### Your task
From the entries below, reproduce exactly the lines from the one with "gpt: The beach is surrounded" through the one with "Image quality: good", both included, without images.

### Data records

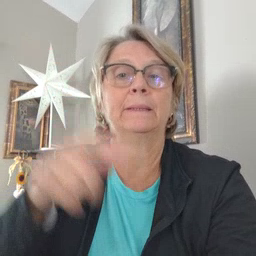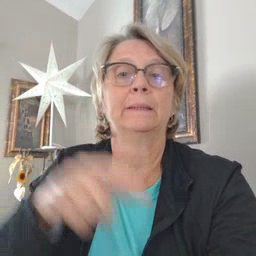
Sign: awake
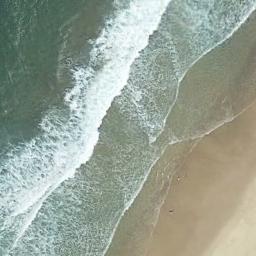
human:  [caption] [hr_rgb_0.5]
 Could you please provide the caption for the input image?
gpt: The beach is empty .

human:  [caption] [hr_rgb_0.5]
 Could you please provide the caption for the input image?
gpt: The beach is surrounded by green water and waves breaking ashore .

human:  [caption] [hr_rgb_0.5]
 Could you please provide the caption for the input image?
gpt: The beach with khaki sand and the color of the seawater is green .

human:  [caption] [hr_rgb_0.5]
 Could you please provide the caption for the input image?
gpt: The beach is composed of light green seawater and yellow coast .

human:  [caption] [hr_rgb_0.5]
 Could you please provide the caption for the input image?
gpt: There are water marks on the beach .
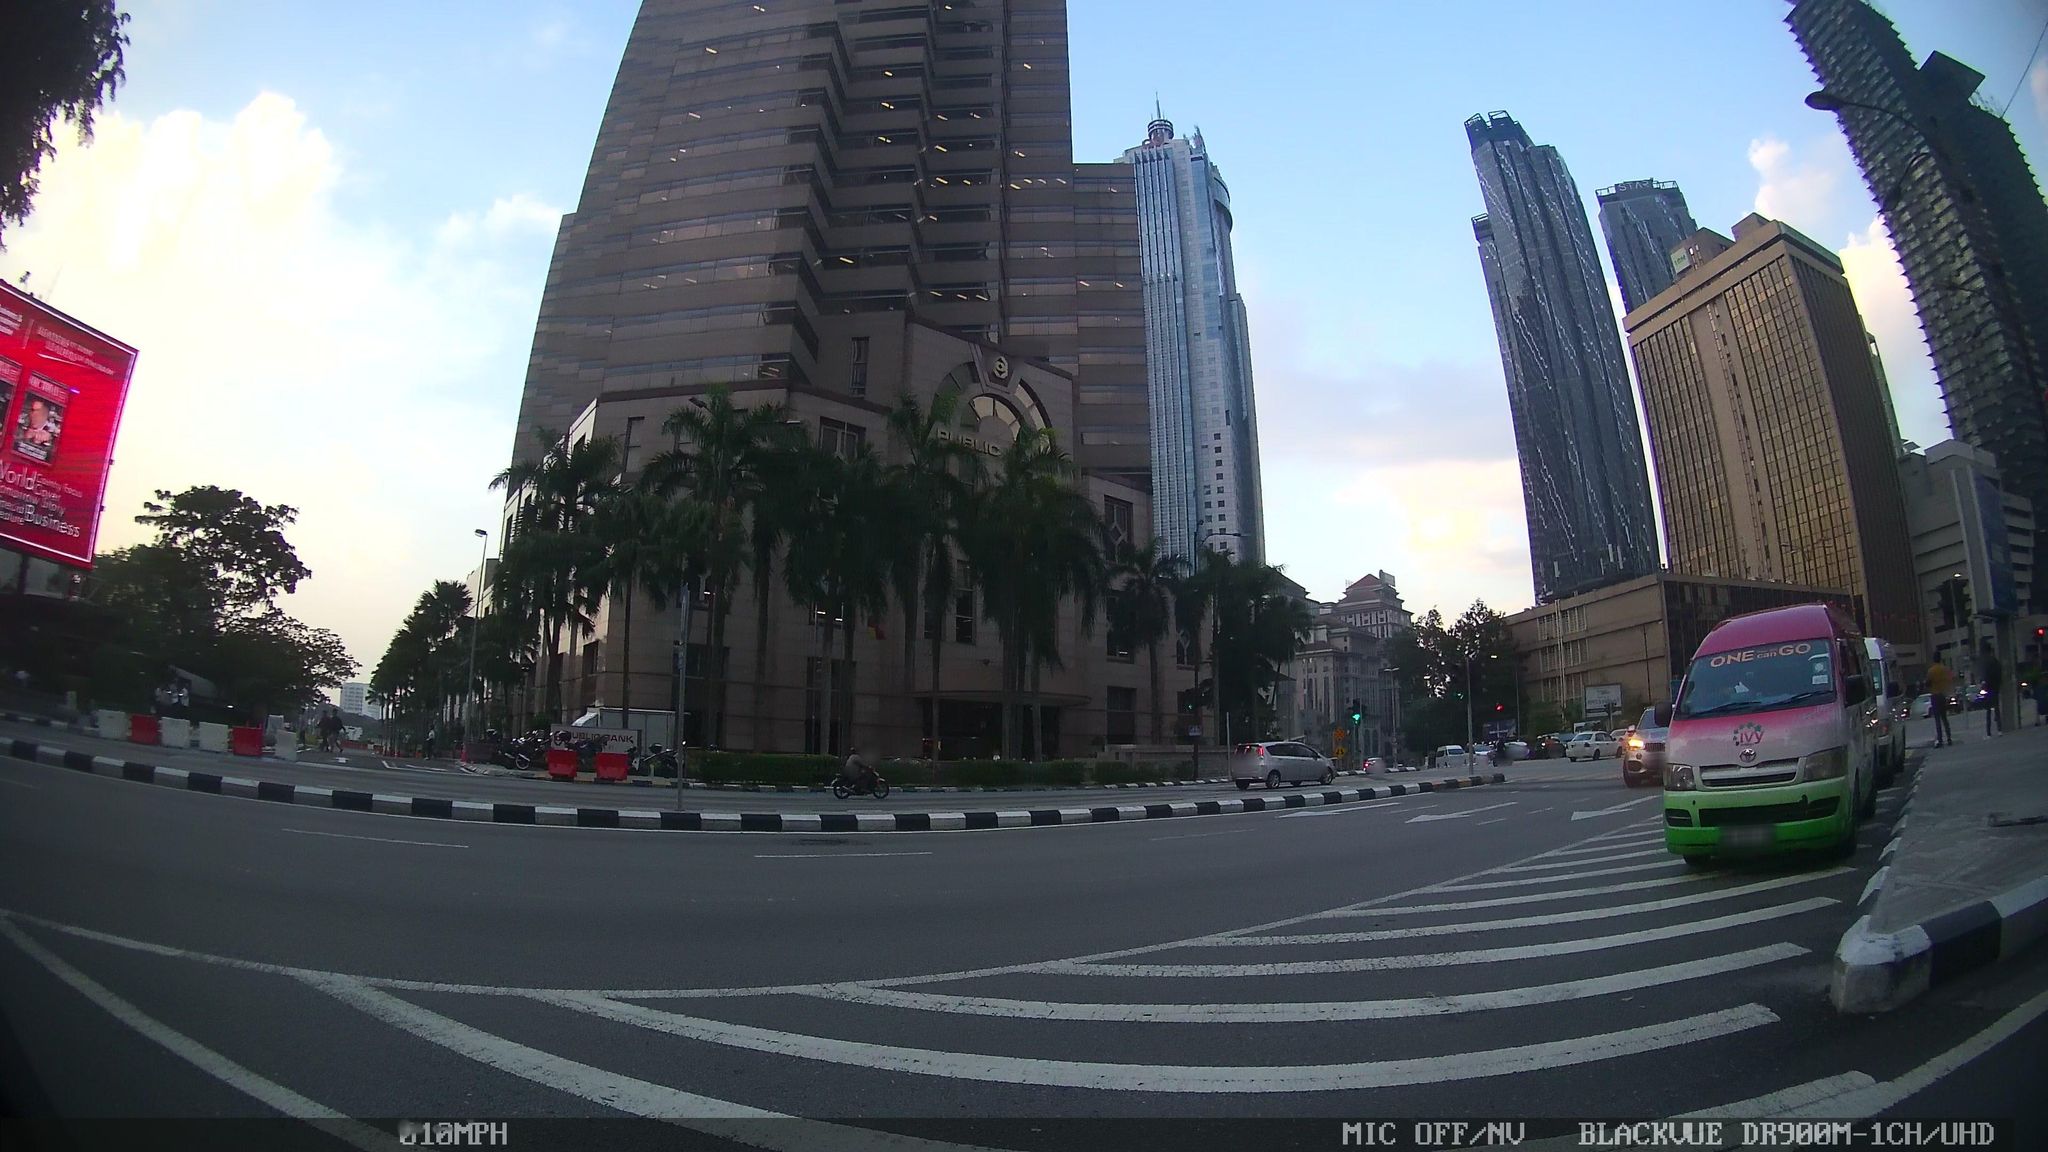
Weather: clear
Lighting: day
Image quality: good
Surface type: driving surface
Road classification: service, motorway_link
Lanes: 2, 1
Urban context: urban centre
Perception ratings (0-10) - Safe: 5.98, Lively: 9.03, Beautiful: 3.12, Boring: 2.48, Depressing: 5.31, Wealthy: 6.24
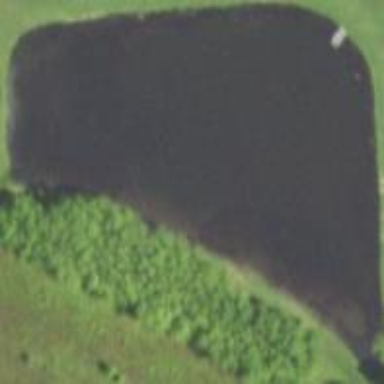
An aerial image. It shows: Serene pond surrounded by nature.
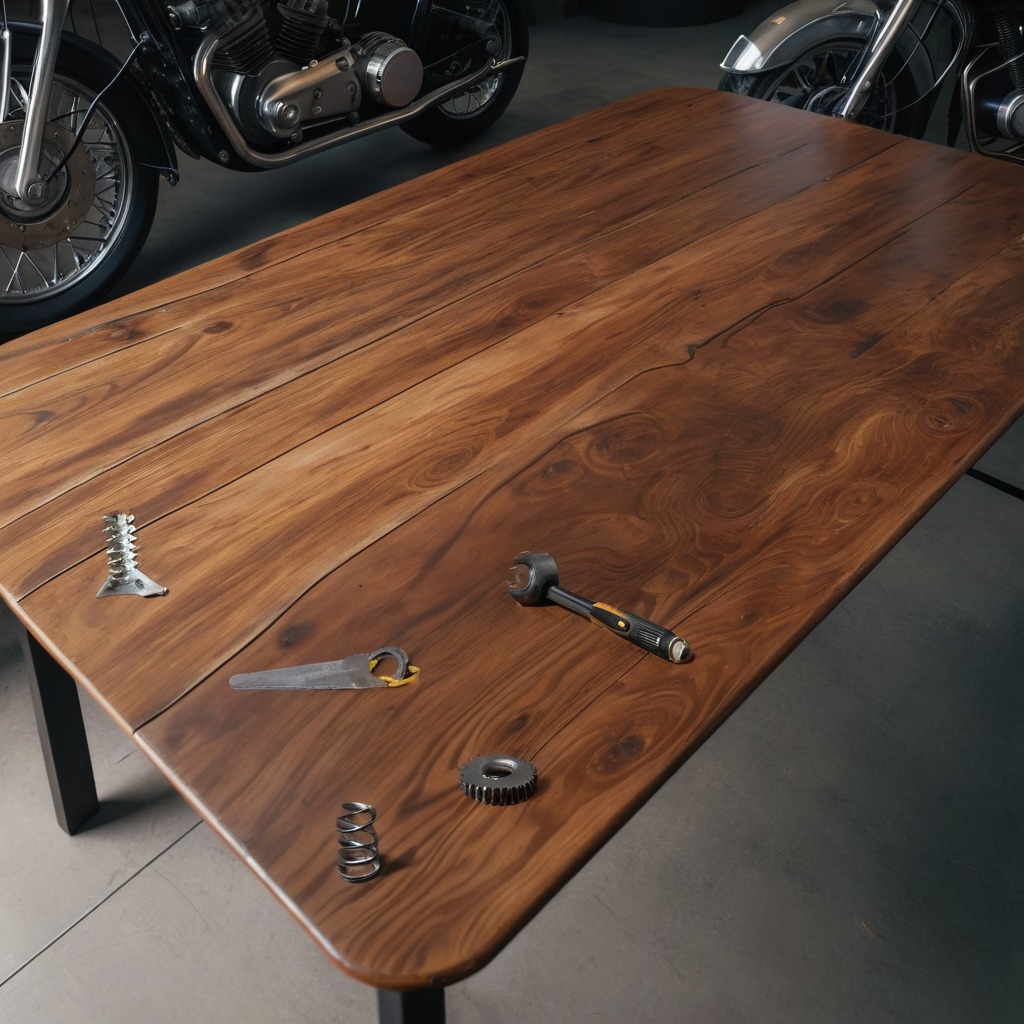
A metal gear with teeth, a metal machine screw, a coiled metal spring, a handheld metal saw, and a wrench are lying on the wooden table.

--

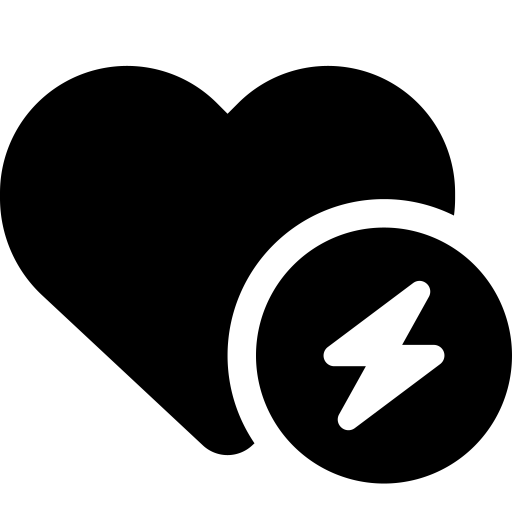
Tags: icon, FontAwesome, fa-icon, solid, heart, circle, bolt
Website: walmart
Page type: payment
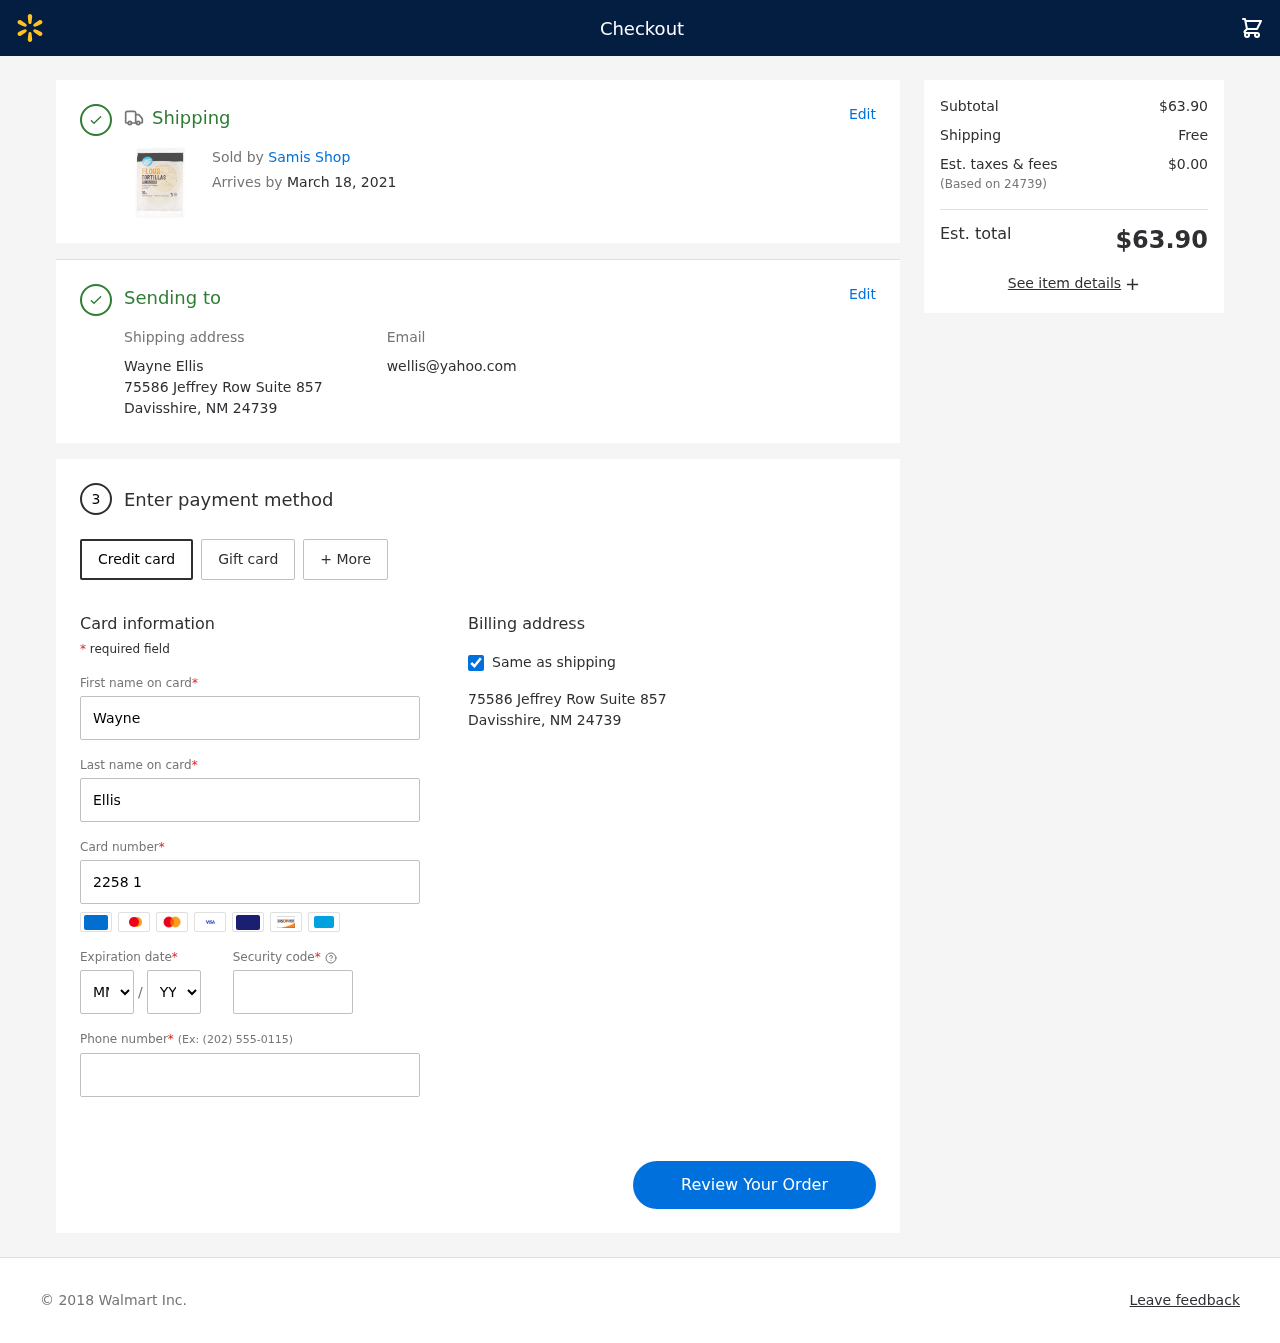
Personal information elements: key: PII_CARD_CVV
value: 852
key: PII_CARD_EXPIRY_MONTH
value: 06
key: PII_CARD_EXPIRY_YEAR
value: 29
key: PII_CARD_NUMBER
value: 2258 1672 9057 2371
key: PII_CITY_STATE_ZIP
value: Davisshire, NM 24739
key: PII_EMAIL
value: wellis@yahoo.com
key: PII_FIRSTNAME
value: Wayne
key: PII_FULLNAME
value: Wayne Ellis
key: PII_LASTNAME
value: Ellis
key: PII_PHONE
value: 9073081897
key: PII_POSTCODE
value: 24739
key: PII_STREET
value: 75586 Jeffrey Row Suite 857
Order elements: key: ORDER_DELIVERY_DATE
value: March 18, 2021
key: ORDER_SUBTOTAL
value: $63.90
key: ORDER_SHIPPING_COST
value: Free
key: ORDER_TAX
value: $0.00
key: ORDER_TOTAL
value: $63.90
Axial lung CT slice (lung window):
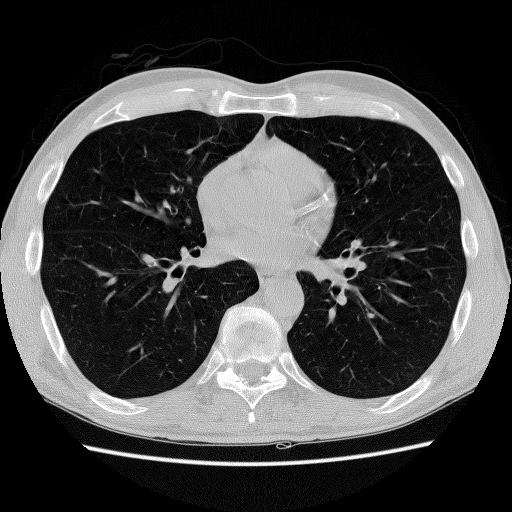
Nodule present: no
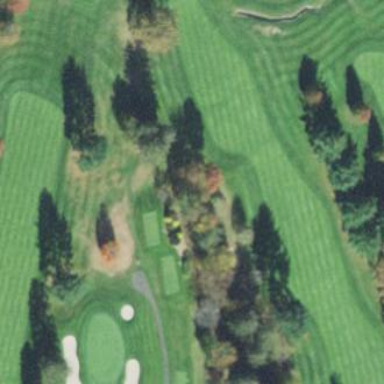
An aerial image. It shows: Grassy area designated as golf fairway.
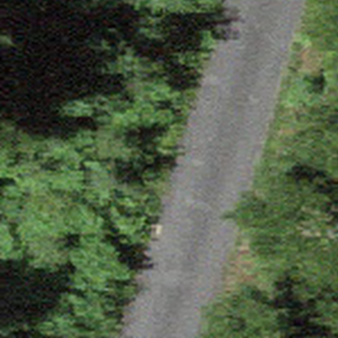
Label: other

### Output for this exercise
gpt: The beach is surrounded by green water and waves breaking ashore .

human:  [caption] [hr_rgb_0.5]
 Could you please provide the caption for the input image?
gpt: The beach with khaki sand and the color of the seawater is green .

human:  [caption] [hr_rgb_0.5]
 Could you please provide the caption for the input image?
gpt: The beach is composed of light green seawater and yellow coast .

human:  [caption] [hr_rgb_0.5]
 Could you please provide the caption for the input image?
gpt: There are water marks on the beach .
Weather: clear
Lighting: day
Image quality: good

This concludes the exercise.